WHAT THIS TASK INVOLVES | The data must be given again exactly as written, with all images omitted.

..............................

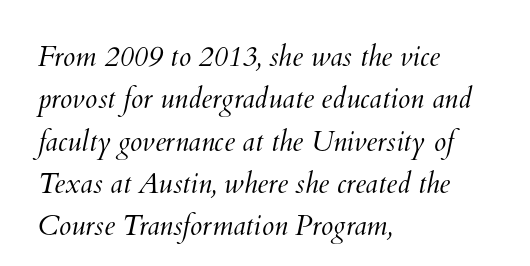
The image shows 28 px light type; set left-aligned, normal line spacing (1.51x), normal letter spacing, not underlined; medium stroke contrast and a small x-height.
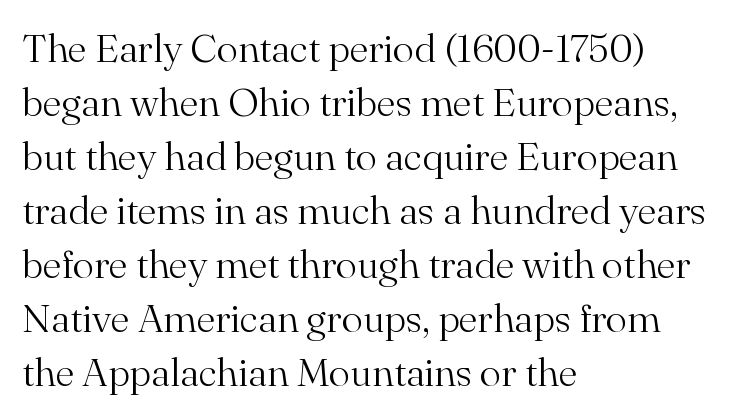
Q: Is the text bold? A: No.
Q: Is the text italic (slanted)? A: No, it is upright.
Q: Is the typeface a serif or a sans-serif typeface? A: Serif.
Q: Is the text underlined? A: No.
Q: How is the paragraph aligned? A: Left-aligned.
Q: Is the spacing between letters normal or unusually wide? A: Normal.
Q: Is the spacing between lines tight, normal or loose? A: Normal.
Q: Width (condensed, normal, or wide)? A: Normal.
Q: Stroke contrast? A: Medium.
Q: x-height? A: Small.
Q: Monospaced? A: No.
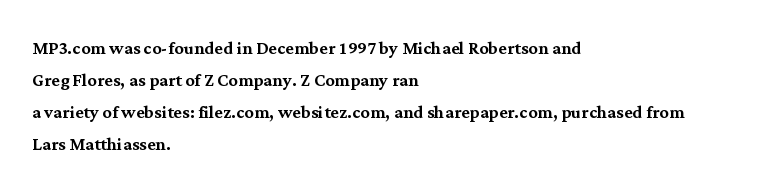
{"italic": "no", "underline": "no", "align": "left", "line_spacing": "normal", "line_spacing_ratio": 1.39, "letter_spacing": "normal", "letter_spacing_em": 0.0, "glyph_px": 23}
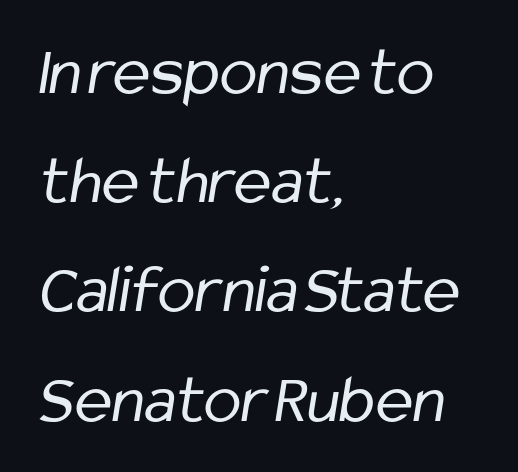
The image shows 70 px regular-weight, condensed sans-serif type; set left-aligned, normal line spacing (1.56x), normal letter spacing, not underlined; low stroke contrast and a medium x-height.
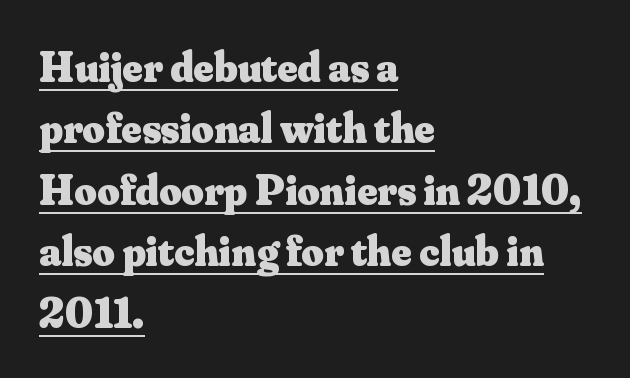
Q: Is the text bold? A: Yes.
Q: Is the text italic (slanted)? A: No, it is upright.
Q: Is the typeface a serif or a sans-serif typeface? A: Serif.
Q: Is the text underlined? A: Yes.
Q: How is the paragraph aligned? A: Left-aligned.
Q: Is the spacing between letters normal or unusually wide? A: Normal.
Q: Is the spacing between lines tight, normal or loose? A: Normal.
Q: Width (condensed, normal, or wide)? A: Normal.
Q: Stroke contrast? A: Medium.
Q: x-height? A: Small.
Q: Monospaced? A: No.
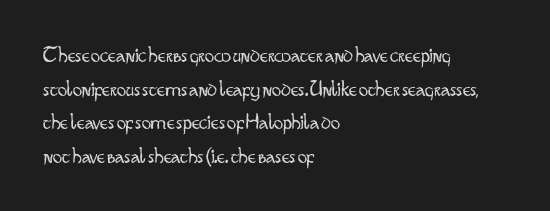
{"italic": "no", "bold": "no", "underline": "no", "align": "left", "line_spacing": "normal", "line_spacing_ratio": 1.46, "letter_spacing": "normal", "letter_spacing_em": 0.0, "glyph_px": 23}
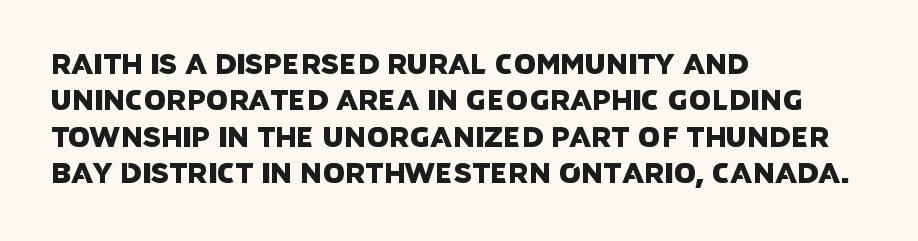
The image shows 28 px sans-serif type; set left-aligned, normal line spacing (1.3x), normal letter spacing, not underlined; low stroke contrast and a large x-height.

..............................

TASK SOLUTION |
The image shows 28 px light type; set left-aligned, normal line spacing (1.51x), normal letter spacing, not underlined; medium stroke contrast and a small x-height.
Q: Is the text bold? A: No.
Q: Is the text italic (slanted)? A: No, it is upright.
Q: Is the typeface a serif or a sans-serif typeface? A: Serif.
Q: Is the text underlined? A: No.
Q: How is the paragraph aligned? A: Left-aligned.
Q: Is the spacing between letters normal or unusually wide? A: Normal.
Q: Is the spacing between lines tight, normal or loose? A: Normal.
Q: Width (condensed, normal, or wide)? A: Normal.
Q: Stroke contrast? A: Medium.
Q: x-height? A: Small.
Q: Monospaced? A: No.
{"italic": "no", "underline": "no", "align": "left", "line_spacing": "normal", "line_spacing_ratio": 1.39, "letter_spacing": "normal", "letter_spacing_em": 0.0, "glyph_px": 23}
The image shows 70 px regular-weight, condensed sans-serif type; set left-aligned, normal line spacing (1.56x), normal letter spacing, not underlined; low stroke contrast and a medium x-height.
Q: Is the text bold? A: Yes.
Q: Is the text italic (slanted)? A: No, it is upright.
Q: Is the typeface a serif or a sans-serif typeface? A: Serif.
Q: Is the text underlined? A: Yes.
Q: How is the paragraph aligned? A: Left-aligned.
Q: Is the spacing between letters normal or unusually wide? A: Normal.
Q: Is the spacing between lines tight, normal or loose? A: Normal.
Q: Width (condensed, normal, or wide)? A: Normal.
Q: Stroke contrast? A: Medium.
Q: x-height? A: Small.
Q: Monospaced? A: No.
{"italic": "no", "bold": "no", "underline": "no", "align": "left", "line_spacing": "normal", "line_spacing_ratio": 1.46, "letter_spacing": "normal", "letter_spacing_em": 0.0, "glyph_px": 23}
The image shows 28 px sans-serif type; set left-aligned, normal line spacing (1.3x), normal letter spacing, not underlined; low stroke contrast and a large x-height.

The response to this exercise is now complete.